Stored records:
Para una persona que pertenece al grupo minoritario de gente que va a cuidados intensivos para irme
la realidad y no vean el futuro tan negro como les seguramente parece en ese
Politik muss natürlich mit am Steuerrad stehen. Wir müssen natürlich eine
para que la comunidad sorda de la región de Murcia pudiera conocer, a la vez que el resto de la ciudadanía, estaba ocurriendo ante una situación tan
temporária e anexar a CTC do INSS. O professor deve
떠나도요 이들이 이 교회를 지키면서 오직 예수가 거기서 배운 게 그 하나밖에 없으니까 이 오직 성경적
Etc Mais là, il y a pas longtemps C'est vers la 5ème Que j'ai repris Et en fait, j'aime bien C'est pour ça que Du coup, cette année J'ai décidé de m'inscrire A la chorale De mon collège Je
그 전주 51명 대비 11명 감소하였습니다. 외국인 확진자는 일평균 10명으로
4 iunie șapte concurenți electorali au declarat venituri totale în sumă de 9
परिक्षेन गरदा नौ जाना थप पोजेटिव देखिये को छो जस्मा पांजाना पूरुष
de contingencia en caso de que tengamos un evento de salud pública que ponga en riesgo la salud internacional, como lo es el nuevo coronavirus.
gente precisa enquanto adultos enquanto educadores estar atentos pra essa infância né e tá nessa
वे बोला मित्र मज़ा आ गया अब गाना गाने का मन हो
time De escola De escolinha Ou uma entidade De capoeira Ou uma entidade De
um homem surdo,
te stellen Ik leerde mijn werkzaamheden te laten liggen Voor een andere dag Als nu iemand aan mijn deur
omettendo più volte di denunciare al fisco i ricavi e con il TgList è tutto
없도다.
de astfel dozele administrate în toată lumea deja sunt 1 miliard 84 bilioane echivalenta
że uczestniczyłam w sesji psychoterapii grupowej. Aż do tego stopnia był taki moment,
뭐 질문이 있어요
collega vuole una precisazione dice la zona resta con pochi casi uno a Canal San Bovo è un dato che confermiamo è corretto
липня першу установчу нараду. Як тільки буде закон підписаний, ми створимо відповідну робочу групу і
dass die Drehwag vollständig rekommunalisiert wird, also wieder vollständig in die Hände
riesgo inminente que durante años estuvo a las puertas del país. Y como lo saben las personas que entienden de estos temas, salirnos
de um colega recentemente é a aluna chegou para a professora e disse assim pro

• **TASK INSTRUCTIONS**:
Repeat the whole of the data above exactly as it appears.

• **WRITTEN ANSWER**:
Para una persona que pertenece al grupo minoritario de gente que va a cuidados intensivos para irme
la realidad y no vean el futuro tan negro como les seguramente parece en ese
Politik muss natürlich mit am Steuerrad stehen. Wir müssen natürlich eine
para que la comunidad sorda de la región de Murcia pudiera conocer, a la vez que el resto de la ciudadanía, estaba ocurriendo ante una situación tan
temporária e anexar a CTC do INSS. O professor deve
떠나도요 이들이 이 교회를 지키면서 오직 예수가 거기서 배운 게 그 하나밖에 없으니까 이 오직 성경적
Etc Mais là, il y a pas longtemps C'est vers la 5ème Que j'ai repris Et en fait, j'aime bien C'est pour ça que Du coup, cette année J'ai décidé de m'inscrire A la chorale De mon collège Je
그 전주 51명 대비 11명 감소하였습니다. 외국인 확진자는 일평균 10명으로
4 iunie șapte concurenți electorali au declarat venituri totale în sumă de 9
परिक्षेन गरदा नौ जाना थप पोजेटिव देखिये को छो जस्मा पांजाना पूरुष
de contingencia en caso de que tengamos un evento de salud pública que ponga en riesgo la salud internacional, como lo es el nuevo coronavirus.
gente precisa enquanto adultos enquanto educadores estar atentos pra essa infância né e tá nessa
वे बोला मित्र मज़ा आ गया अब गाना गाने का मन हो
time De escola De escolinha Ou uma entidade De capoeira Ou uma entidade De
um homem surdo,
te stellen Ik leerde mijn werkzaamheden te laten liggen Voor een andere dag Als nu iemand aan mijn deur
omettendo più volte di denunciare al fisco i ricavi e con il TgList è tutto
없도다.
de astfel dozele administrate în toată lumea deja sunt 1 miliard 84 bilioane echivalenta
że uczestniczyłam w sesji psychoterapii grupowej. Aż do tego stopnia był taki moment,
뭐 질문이 있어요
collega vuole una precisazione dice la zona resta con pochi casi uno a Canal San Bovo è un dato che confermiamo è corretto
липня першу установчу нараду. Як тільки буде закон підписаний, ми створимо відповідну робочу групу і
dass die Drehwag vollständig rekommunalisiert wird, also wieder vollständig in die Hände
riesgo inminente que durante años estuvo a las puertas del país. Y como lo saben las personas que entienden de estos temas, salirnos
de um colega recentemente é a aluna chegou para a professora e disse assim pro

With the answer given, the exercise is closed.